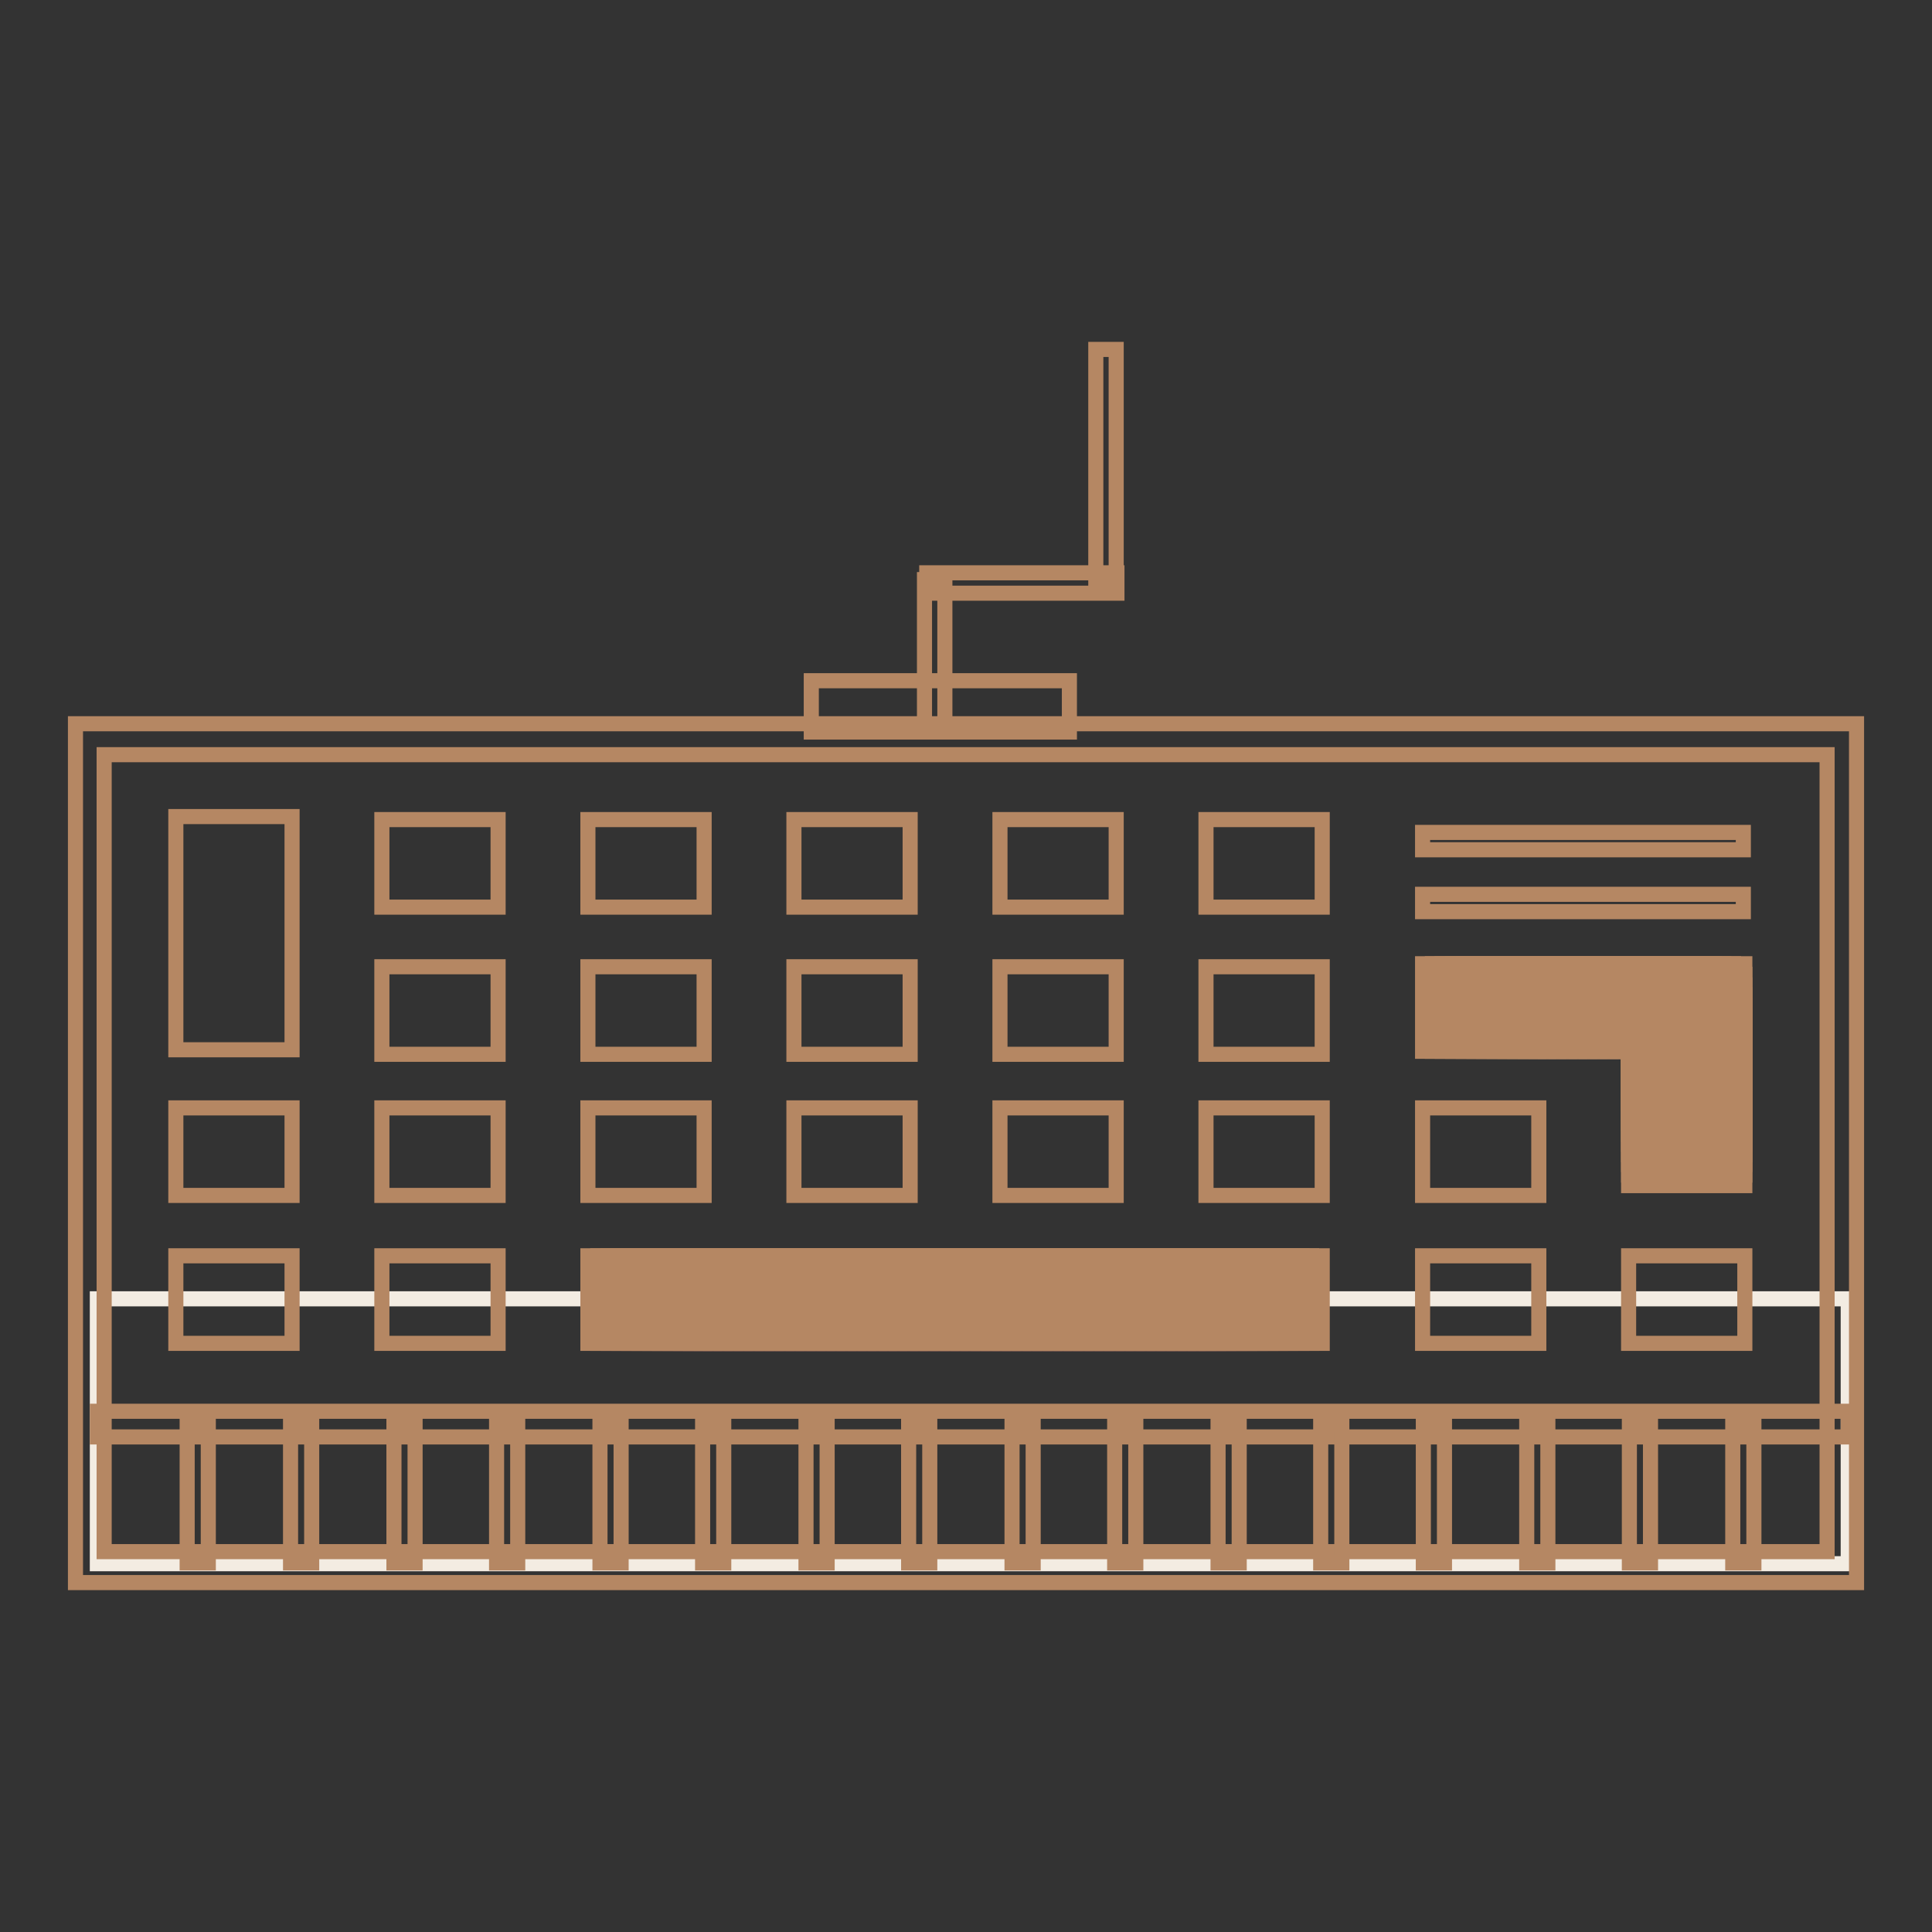 <?xml version="1.0" encoding="utf-8"?>
<!-- Svg Vector Icons : http://www.onlinewebfonts.com/icon -->
<!DOCTYPE svg PUBLIC "-//W3C//DTD SVG 1.1//EN" "http://www.w3.org/Graphics/SVG/1.1/DTD/svg11.dtd">
<svg version="1.1" xmlns="http://www.w3.org/2000/svg" xmlns:xlink="http://www.w3.org/1999/xlink" x="0px" y="0px" viewBox="0 0 256 256" enable-background="new 0 0 256 256" xml:space="preserve">
<rect x="0" y="0" width="256" height="256" fill="#333333" stroke="none"/>
<g> <path stroke-width="2" fill-opacity="0" stroke="#f3ece2"  d="M12.9,172.1h232v35.1h-232V172.1z"/> <path stroke-width="2" fill-opacity="0" stroke="#b58763"  d="M246,209.7H10V95.9h236V209.7z M242.2,100H13.8v105.6h228.3V100z"/> <path stroke-width="2" fill-opacity="0" stroke="#b58763"  d="M12.9,187h232v3.4h-232V187z"/> <path stroke-width="2" fill-opacity="0" stroke="#b58763"  d="M24.8,188.7h2.8v18.4h-2.8V188.7z M38.5,188.7h2.8v18.4h-2.8V188.7z M52.2,188.7H55v18.4h-2.8V188.7z  M65.8,188.7h2.8v18.4h-2.8V188.7z M79.5,188.7h2.8v18.4h-2.8V188.7z M93.1,188.7h2.8v18.4h-2.8V188.7z M106.8,188.7h2.8v18.4h-2.8 V188.7z M120.4,188.7h2.8v18.4h-2.8V188.7z M134.1,188.7h2.8v18.4h-2.8V188.7z M147.7,188.7h2.8v18.4h-2.8V188.7z M161.4,188.7h2.8 v18.4h-2.8V188.7z M175,188.7h2.8v18.4H175V188.7z M188.6,188.7h2.8v18.4h-2.8V188.7z M202.3,188.7h2.8v18.4h-2.8V188.7z  M215.9,188.7h2.8v18.4h-2.8V188.7z M229.6,188.7h2.8v18.4h-2.8V188.7z M23.3,108.2h15.4v30.9H23.3V108.2z M23.3,146.8h15.4v11.6 H23.3V146.8z M23.3,166.4h15.4v11.6H23.3V166.4z M50.6,146.8H66v11.6H50.6V146.8z M50.6,166.4H66v11.6H50.6V166.4z M50.6,108.6H66 v11.6H50.6V108.6z M50.6,128.1H66v11.6H50.6V128.1z M77.9,146.8h15.4v11.6H77.9V146.8z M77.9,166.4h15.4v11.6H77.9V166.4z"/> <path stroke-width="2" fill-opacity="0" stroke="#b58763"  d="M79.2,166.4h15.4v11.6H79.2V166.4z"/> <path stroke-width="2" fill-opacity="0" stroke="#b58763"  d="M80.6,166.4H96v11.6H80.6V166.4z"/> <path stroke-width="2" fill-opacity="0" stroke="#b58763"  d="M82,166.4h15.4v11.6H82V166.4z"/> <path stroke-width="2" fill-opacity="0" stroke="#b58763"  d="M83.3,166.4h15.4v11.6H83.3V166.4z"/> <path stroke-width="2" fill-opacity="0" stroke="#b58763"  d="M84.7,166.4h15.4v11.6H84.7V166.4z"/> <path stroke-width="2" fill-opacity="0" stroke="#b58763"  d="M86.1,166.4h15.4v11.6H86.1V166.4z"/> <path stroke-width="2" fill-opacity="0" stroke="#b58763"  d="M87.4,166.4h15.4v11.6H87.4V166.4z"/> <path stroke-width="2" fill-opacity="0" stroke="#b58763"  d="M88.8,166.4h15.4v11.6H88.8V166.4z"/> <path stroke-width="2" fill-opacity="0" stroke="#b58763"  d="M90.2,166.4h15.4v11.6H90.2V166.4z"/> <path stroke-width="2" fill-opacity="0" stroke="#b58763"  d="M91.5,166.4H107v11.6H91.5V166.4z"/> <path stroke-width="2" fill-opacity="0" stroke="#b58763"  d="M92.9,166.4h15.4v11.6H92.9V166.4z"/> <path stroke-width="2" fill-opacity="0" stroke="#b58763"  d="M94.2,166.4h15.4v11.6H94.2V166.4z"/> <path stroke-width="2" fill-opacity="0" stroke="#b58763"  d="M95.6,166.4h15.4v11.6H95.6V166.4z"/> <path stroke-width="2" fill-opacity="0" stroke="#b58763"  d="M97,166.4h15.4v11.6H97V166.4z"/> <path stroke-width="2" fill-opacity="0" stroke="#b58763"  d="M98.3,166.4h15.4v11.6H98.3V166.4z"/> <path stroke-width="2" fill-opacity="0" stroke="#b58763"  d="M99.7,166.4h15.4v11.6H99.7V166.4z"/> <path stroke-width="2" fill-opacity="0" stroke="#b58763"  d="M101.1,166.4h15.4v11.6h-15.4V166.4z"/> <path stroke-width="2" fill-opacity="0" stroke="#b58763"  d="M102.4,166.4h15.4v11.6h-15.4V166.4z"/> <path stroke-width="2" fill-opacity="0" stroke="#b58763"  d="M103.8,166.4h15.4v11.6h-15.4V166.4z"/> <path stroke-width="2" fill-opacity="0" stroke="#b58763"  d="M105.2,166.4h15.4v11.6h-15.4V166.4z"/> <path stroke-width="2" fill-opacity="0" stroke="#b58763"  d="M106.5,166.4h15.4v11.6h-15.4V166.4z"/> <path stroke-width="2" fill-opacity="0" stroke="#b58763"  d="M107.9,166.4h15.4v11.6h-15.4V166.4z"/> <path stroke-width="2" fill-opacity="0" stroke="#b58763"  d="M109.3,166.4h15.4v11.6h-15.4V166.4z"/> <path stroke-width="2" fill-opacity="0" stroke="#b58763"  d="M110.6,166.4H126v11.6h-15.4V166.4z"/> <path stroke-width="2" fill-opacity="0" stroke="#b58763"  d="M111.9,166.4h15.4v11.6h-15.4V166.4z"/> <path stroke-width="2" fill-opacity="0" stroke="#b58763"  d="M113.4,166.4h15.4v11.6h-15.4V166.4z"/> <path stroke-width="2" fill-opacity="0" stroke="#b58763"  d="M114.7,166.4h15.4v11.6h-15.4V166.4z"/> <path stroke-width="2" fill-opacity="0" stroke="#b58763"  d="M116,166.4h15.4v11.6H116V166.4z"/> <path stroke-width="2" fill-opacity="0" stroke="#b58763"  d="M117.5,166.4h15.4v11.6h-15.4V166.4z"/> <path stroke-width="2" fill-opacity="0" stroke="#b58763"  d="M118.8,166.4h15.4v11.6h-15.4V166.4z"/> <path stroke-width="2" fill-opacity="0" stroke="#b58763"  d="M120.2,166.4h15.4v11.6h-15.4V166.4z"/> <path stroke-width="2" fill-opacity="0" stroke="#b58763"  d="M121.6,166.4H137v11.6h-15.4V166.4z"/> <path stroke-width="2" fill-opacity="0" stroke="#b58763"  d="M122.9,166.4h15.4v11.6h-15.4V166.4z"/> <path stroke-width="2" fill-opacity="0" stroke="#b58763"  d="M124.3,166.4h15.4v11.6h-15.4V166.4z"/> <path stroke-width="2" fill-opacity="0" stroke="#b58763"  d="M125.6,166.4H141v11.6h-15.4V166.4z"/> <path stroke-width="2" fill-opacity="0" stroke="#b58763"  d="M127,166.4h15.4v11.6H127V166.4z"/> <path stroke-width="2" fill-opacity="0" stroke="#b58763"  d="M128.4,166.4h15.4v11.6h-15.4V166.4z"/> <path stroke-width="2" fill-opacity="0" stroke="#b58763"  d="M129.7,166.4h15.4v11.6h-15.4V166.4z"/> <path stroke-width="2" fill-opacity="0" stroke="#b58763"  d="M131.1,166.4h15.4v11.6h-15.4V166.4z"/> <path stroke-width="2" fill-opacity="0" stroke="#b58763"  d="M132.5,166.4h15.4v11.6h-15.4V166.4z"/> <path stroke-width="2" fill-opacity="0" stroke="#b58763"  d="M133.8,166.4h15.4v11.6h-15.4V166.4z"/> <path stroke-width="2" fill-opacity="0" stroke="#b58763"  d="M135.2,166.4h15.4v11.6h-15.4V166.4z"/> <path stroke-width="2" fill-opacity="0" stroke="#b58763"  d="M136.6,166.4H152v11.6h-15.4V166.4z"/> <path stroke-width="2" fill-opacity="0" stroke="#b58763"  d="M137.9,166.4h15.4v11.6h-15.4V166.4z"/> <path stroke-width="2" fill-opacity="0" stroke="#b58763"  d="M139.3,166.4h15.4v11.6h-15.4V166.4z"/> <path stroke-width="2" fill-opacity="0" stroke="#b58763"  d="M140.7,166.4h15.4v11.6h-15.4V166.4z"/> <path stroke-width="2" fill-opacity="0" stroke="#b58763"  d="M142,166.4h15.4v11.6H142V166.4z"/> <path stroke-width="2" fill-opacity="0" stroke="#b58763"  d="M143.3,166.4h15.4v11.6h-15.4V166.4z"/> <path stroke-width="2" fill-opacity="0" stroke="#b58763"  d="M144.8,166.4h15.4v11.6h-15.4V166.4z"/> <path stroke-width="2" fill-opacity="0" stroke="#b58763"  d="M146.1,166.4h15.4v11.6h-15.4V166.4z"/> <path stroke-width="2" fill-opacity="0" stroke="#b58763"  d="M147.4,166.4h15.4v11.6h-15.4V166.4z"/> <path stroke-width="2" fill-opacity="0" stroke="#b58763"  d="M148.9,166.4h15.4v11.6h-15.4V166.4z"/> <path stroke-width="2" fill-opacity="0" stroke="#b58763"  d="M150.2,166.4h15.4v11.6h-15.4V166.4z"/> <path stroke-width="2" fill-opacity="0" stroke="#b58763"  d="M151.5,166.4H167v11.6h-15.4V166.4z"/> <path stroke-width="2" fill-opacity="0" stroke="#b58763"  d="M153,166.4h15.4v11.6H153V166.4z"/> <path stroke-width="2" fill-opacity="0" stroke="#b58763"  d="M154.3,166.4h15.4v11.6h-15.4V166.4z"/> <path stroke-width="2" fill-opacity="0" stroke="#b58763"  d="M155.6,166.4h15.4v11.6h-15.4V166.4z"/> <path stroke-width="2" fill-opacity="0" stroke="#b58763"  d="M157.1,166.4h15.4v11.6h-15.4V166.4z"/> <path stroke-width="2" fill-opacity="0" stroke="#b58763"  d="M158.4,166.4h15.4v11.6h-15.4V166.4z"/> <path stroke-width="2" fill-opacity="0" stroke="#b58763"  d="M159.8,166.4h15.4v11.6h-15.4V166.4z M77.9,108.6h15.4v11.6H77.9V108.6z M77.9,128.1h15.4v11.6H77.9V128.1z  M105.2,146.8h15.4v11.6h-15.4V146.8z M105.2,108.6h15.4v11.6h-15.4V108.6z M105.2,128.1h15.4v11.6h-15.4V128.1z M132.5,146.8h15.4 v11.6h-15.4V146.8z M132.5,108.6h15.4v11.6h-15.4V108.6z M132.5,128.1h15.4v11.6h-15.4V128.1z M159.8,146.8h15.4v11.6h-15.4V146.8z  M188.5,146.8h15.4v11.6h-15.4V146.8z M188.5,127.7h15.4v11.6h-15.4V127.7z"/> <path stroke-width="2" fill-opacity="0" stroke="#b58763"  d="M189.8,127.7h15.4v11.6h-15.4V127.7z"/> <path stroke-width="2" fill-opacity="0" stroke="#b58763"  d="M191.1,127.7h15.4v11.6h-15.4V127.7z"/> <path stroke-width="2" fill-opacity="0" stroke="#b58763"  d="M192.5,127.7h15.4v11.6h-15.4V127.7z"/> <path stroke-width="2" fill-opacity="0" stroke="#b58763"  d="M193.9,127.7h15.4v11.6h-15.4V127.7z"/> <path stroke-width="2" fill-opacity="0" stroke="#b58763"  d="M195.3,127.7h15.4v11.6h-15.4V127.7z"/> <path stroke-width="2" fill-opacity="0" stroke="#b58763"  d="M196.6,127.7H212v11.6h-15.4V127.7z"/> <path stroke-width="2" fill-opacity="0" stroke="#b58763"  d="M198,127.7h15.4v11.6H198V127.7z"/> <path stroke-width="2" fill-opacity="0" stroke="#b58763"  d="M199.4,127.7h15.4v11.6h-15.4V127.7z"/> <path stroke-width="2" fill-opacity="0" stroke="#b58763"  d="M200.7,127.7h15.4v11.6h-15.4V127.7z"/> <path stroke-width="2" fill-opacity="0" stroke="#b58763"  d="M202.1,127.7h15.4v11.6h-15.4V127.7z"/> <path stroke-width="2" fill-opacity="0" stroke="#b58763"  d="M203.5,127.7h15.4v11.6h-15.4V127.7z"/> <path stroke-width="2" fill-opacity="0" stroke="#b58763"  d="M204.8,127.7h15.4v11.6h-15.4V127.7z"/> <path stroke-width="2" fill-opacity="0" stroke="#b58763"  d="M206.2,127.7h15.4v11.6h-15.4V127.7z"/> <path stroke-width="2" fill-opacity="0" stroke="#b58763"  d="M207.6,127.7H223v11.6h-15.4V127.7z"/> <path stroke-width="2" fill-opacity="0" stroke="#b58763"  d="M208.9,127.7h15.4v11.6h-15.4V127.7z"/> <path stroke-width="2" fill-opacity="0" stroke="#b58763"  d="M210.2,127.7h15.4v11.6h-15.4V127.7z"/> <path stroke-width="2" fill-opacity="0" stroke="#b58763"  d="M211.7,127.7h15.4v11.6h-15.4V127.7z"/> <path stroke-width="2" fill-opacity="0" stroke="#b58763"  d="M213,127.7h15.4v11.6H213V127.7z"/> <path stroke-width="2" fill-opacity="0" stroke="#b58763"  d="M214.3,127.7h15.4v11.6h-15.4V127.7z"/> <path stroke-width="2" fill-opacity="0" stroke="#b58763"  d="M215.8,127.7h15.4v11.6h-15.4V127.7z"/> <path stroke-width="2" fill-opacity="0" stroke="#b58763"  d="M215.8,129.1h15.4v11.6h-15.4V129.1z"/> <path stroke-width="2" fill-opacity="0" stroke="#b58763"  d="M215.8,130.5h15.4v11.6h-15.4V130.5z"/> <path stroke-width="2" fill-opacity="0" stroke="#b58763"  d="M215.8,131.8h15.4v11.6h-15.4V131.8z"/> <path stroke-width="2" fill-opacity="0" stroke="#b58763"  d="M215.8,133.2h15.4v11.6h-15.4V133.2z"/> <path stroke-width="2" fill-opacity="0" stroke="#b58763"  d="M215.8,134.6h15.4v11.6h-15.4V134.6z"/> <path stroke-width="2" fill-opacity="0" stroke="#b58763"  d="M215.8,135.9h15.4v11.6h-15.4V135.9z"/> <path stroke-width="2" fill-opacity="0" stroke="#b58763"  d="M215.8,137.3h15.4v11.6h-15.4V137.3z"/> <path stroke-width="2" fill-opacity="0" stroke="#b58763"  d="M215.8,138.7h15.4v11.6h-15.4V138.7z"/> <path stroke-width="2" fill-opacity="0" stroke="#b58763"  d="M215.8,140h15.4v11.6h-15.4V140z"/> <path stroke-width="2" fill-opacity="0" stroke="#b58763"  d="M215.8,141.4h15.4V153h-15.4V141.4z"/> <path stroke-width="2" fill-opacity="0" stroke="#b58763"  d="M215.8,142.7h15.4v11.6h-15.4V142.7z"/> <path stroke-width="2" fill-opacity="0" stroke="#b58763"  d="M215.8,144.1h15.4v11.6h-15.4V144.1z"/> <path stroke-width="2" fill-opacity="0" stroke="#b58763"  d="M215.8,145.5h15.4v11.6h-15.4V145.5z M188.5,166.4h15.4v11.6h-15.4V166.4z M215.8,166.4h15.4v11.6h-15.4 V166.4z M159.8,108.6h15.4v11.6h-15.4V108.6z M159.8,128.1h15.4v11.6h-15.4V128.1z M188.5,110.3H231v2.3h-42.5V110.3z M188.5,118.5 H231v2.3h-42.5V118.5z M107.5,90.2h34.2V97h-34.2V90.2z"/> <path stroke-width="2" fill-opacity="0" stroke="#b58763"  d="M122.5,76.8h2.7v19.4h-2.7V76.8z"/> <path stroke-width="2" fill-opacity="0" stroke="#b58763"  d="M148,75.9v2.7h-25.2v-2.7H148z"/> <path stroke-width="2" fill-opacity="0" stroke="#b58763"  d="M145.2,46.3h2.7v30.9h-2.7V46.3z"/></g>
</svg>

=======

__What the task asks__
Please go through the data above and copy each line that has the word "http".

__Written response__
<!-- Svg Vector Icons : http://www.onlinewebfonts.com/icon -->
<!DOCTYPE svg PUBLIC "-//W3C//DTD SVG 1.1//EN" "http://www.w3.org/Graphics/SVG/1.1/DTD/svg11.dtd">
<svg version="1.1" xmlns="http://www.w3.org/2000/svg" xmlns:xlink="http://www.w3.org/1999/xlink" x="0px" y="0px" viewBox="0 0 256 256" enable-background="new 0 0 256 256" xml:space="preserve">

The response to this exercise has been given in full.